This rule helps us to obtain desired fibers with tunable diameters ranging from millimeter-scale to microscale by simple control over the drawing parameters. Other factors including materials viscosity, thermal expansion coefficient, chemical stability and surface tension also affect the thermal drawing process. We refer the readers to other relevant publications [53, 54].

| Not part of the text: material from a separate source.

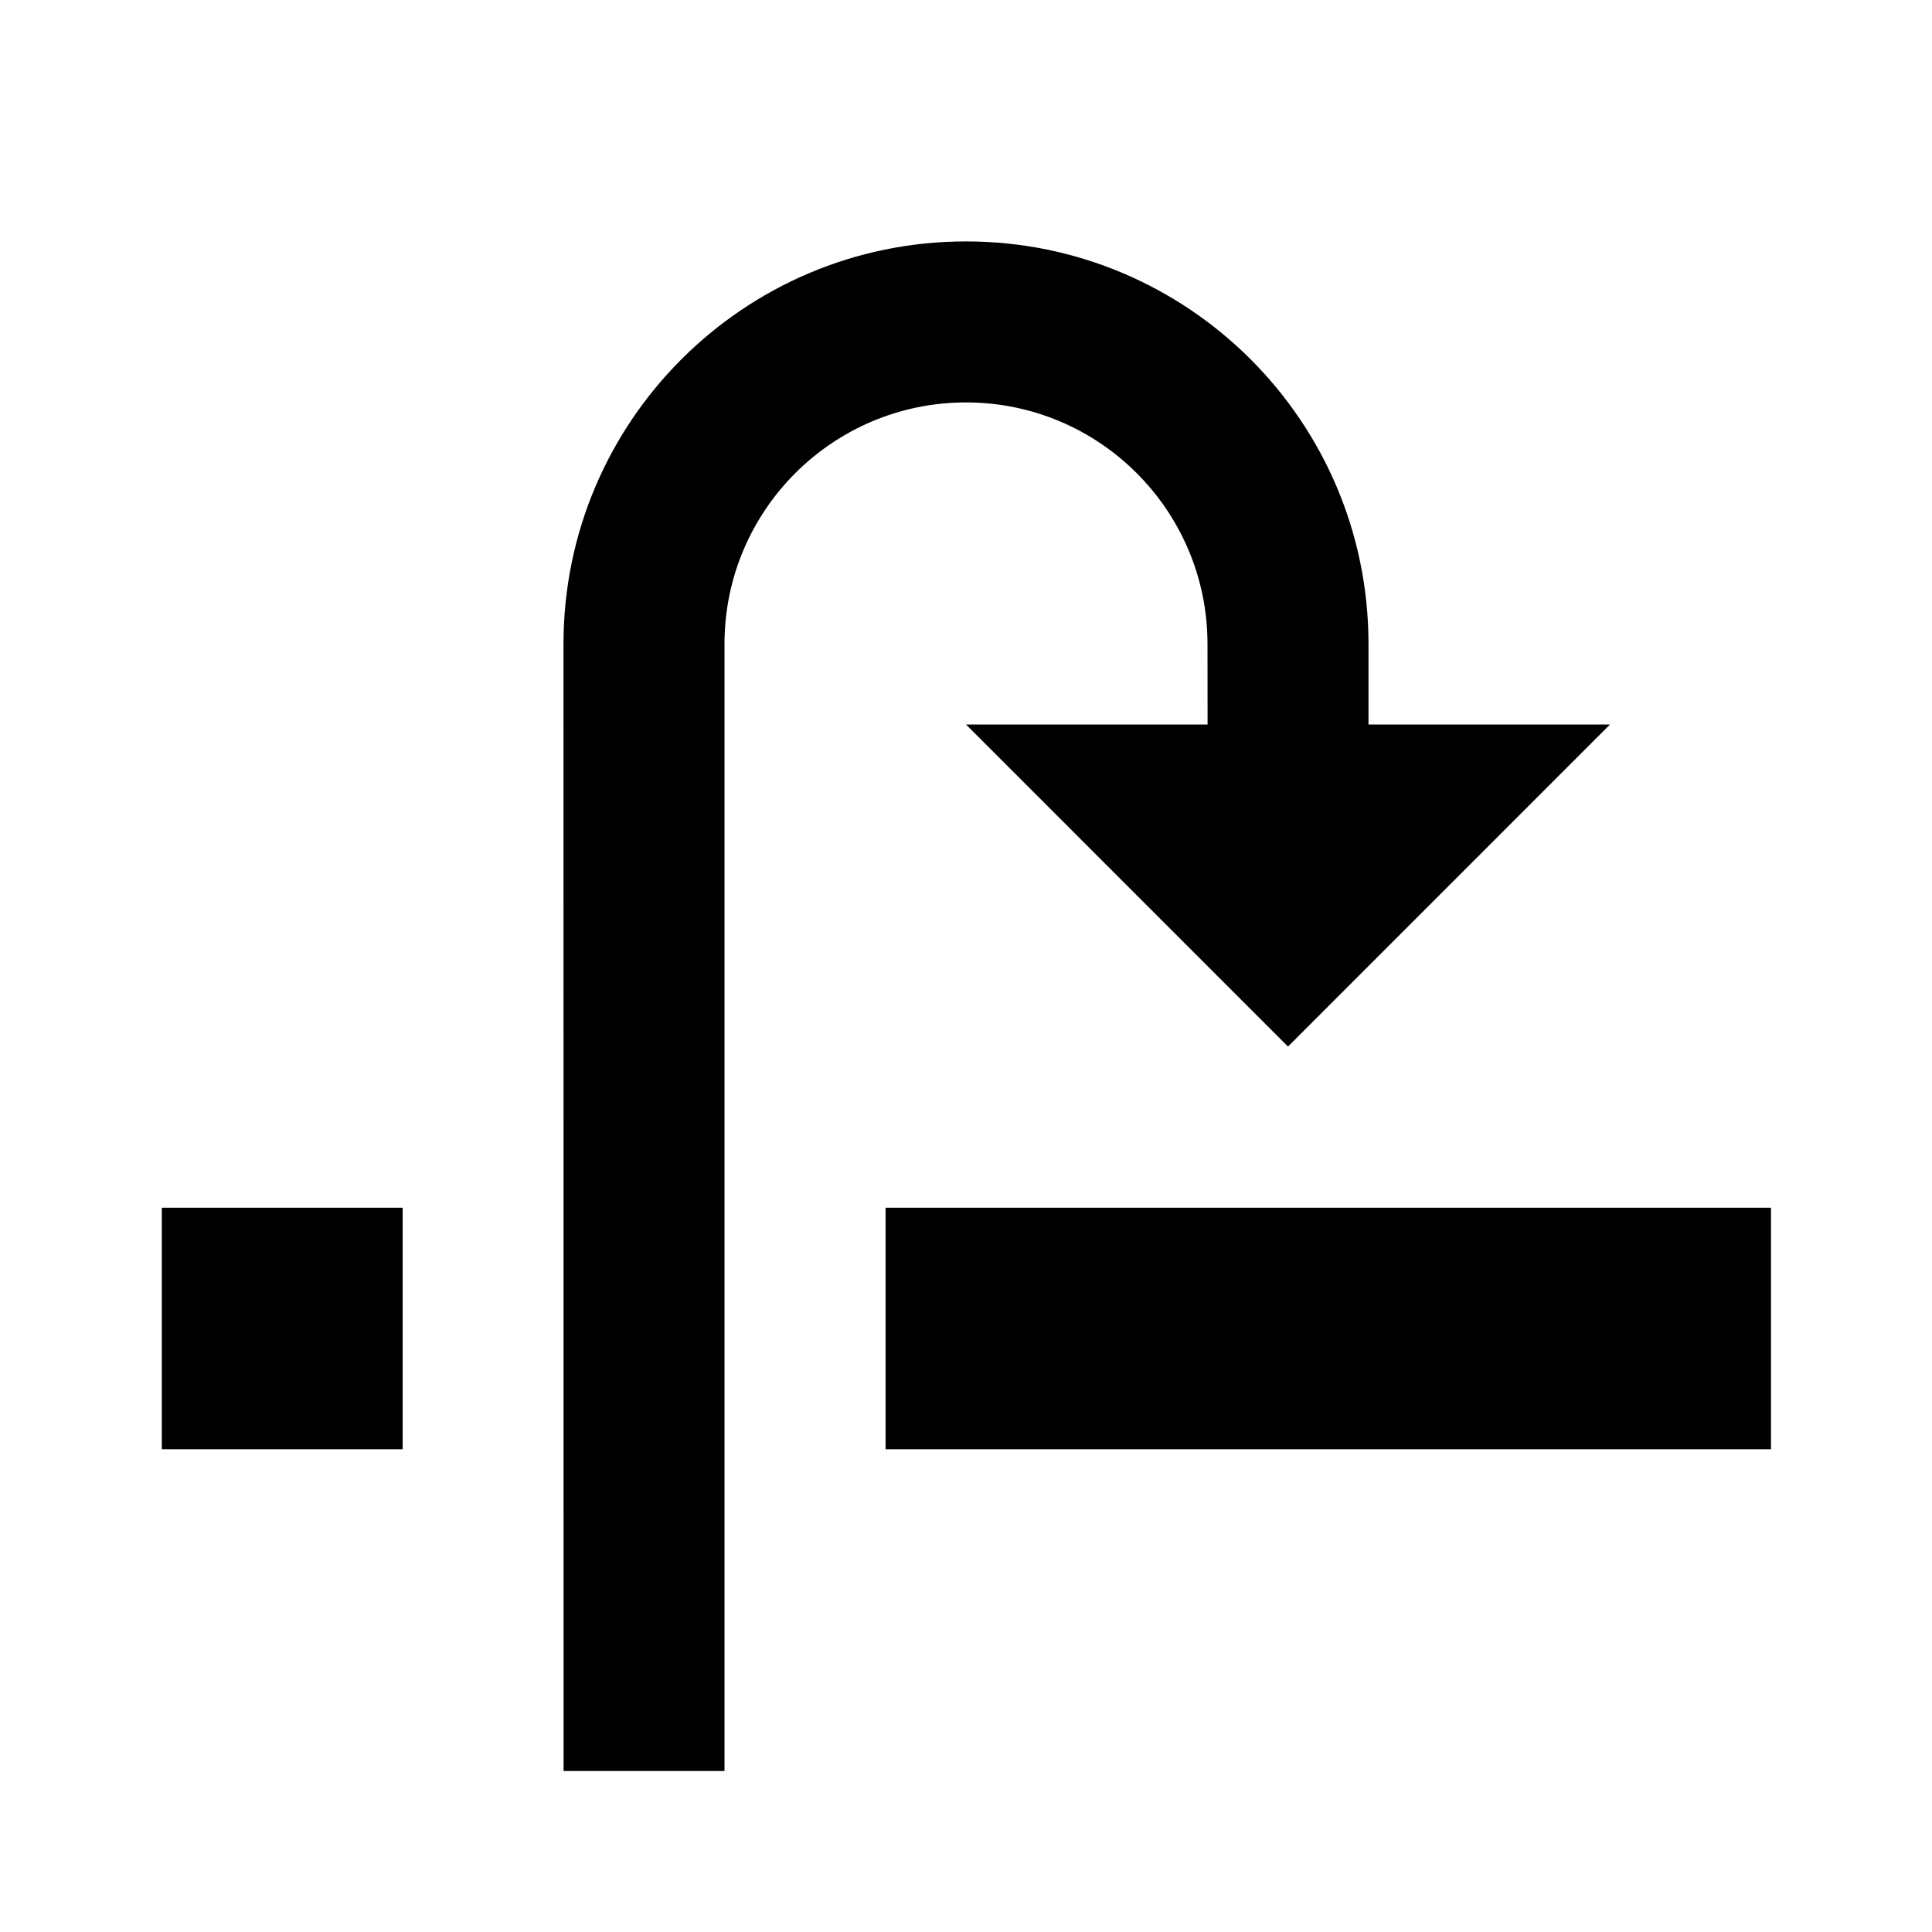 <svg xmlns="http://www.w3.org/2000/svg" width="24" height="24" viewBox="0 0 24 24">
  <path fill-rule="evenodd" d="M20,9h-3V7.999c0-2.761-2.238-5-5-5c-2.761,0-5,2.239-5,5L7.001,22H9V7.999 c0-1.656,1.344-3,3-3c1.657,0,2.999,1.344,3,3L15.001,9H12l4,4.001L20,9L20,9z M2.01,18.003v-3h2.992v3H2.01L2.01,18.003z M11.001,15.003H22v3H11.001V15.003z" clip-rule="evenodd"/>
</svg>

2.2 Criteria for material selection
Thermal drawing of multi-material fibers involves materials with disparate physical and chemical properties. Some criteria should be met to ensure that the obtained fiber maintains the identical cross-sectional architecture as the preform. First, the cladding materials should exhibit relatively high viscosity to support the drawing stress and encapsulate all materials inside the fiber. Secondly, the viscosities of different materials should be compatible to achieve synergetic thermoplastic deformation or thermal flow during drawing. Thirdly, when crystalline materials, such as low melting point electrode materials, are integrated, their melting points should be below the thermal drawing temperature to ensure their stable flow. The materials interfacing with the crystalline materials should be in a highly viscous state to avoid mutual mixing. Lastly, the thermal expansion coefficients of all materials should be within a small range at the drawing temperature to prevent the formation of fractures and cracks at the interface [9].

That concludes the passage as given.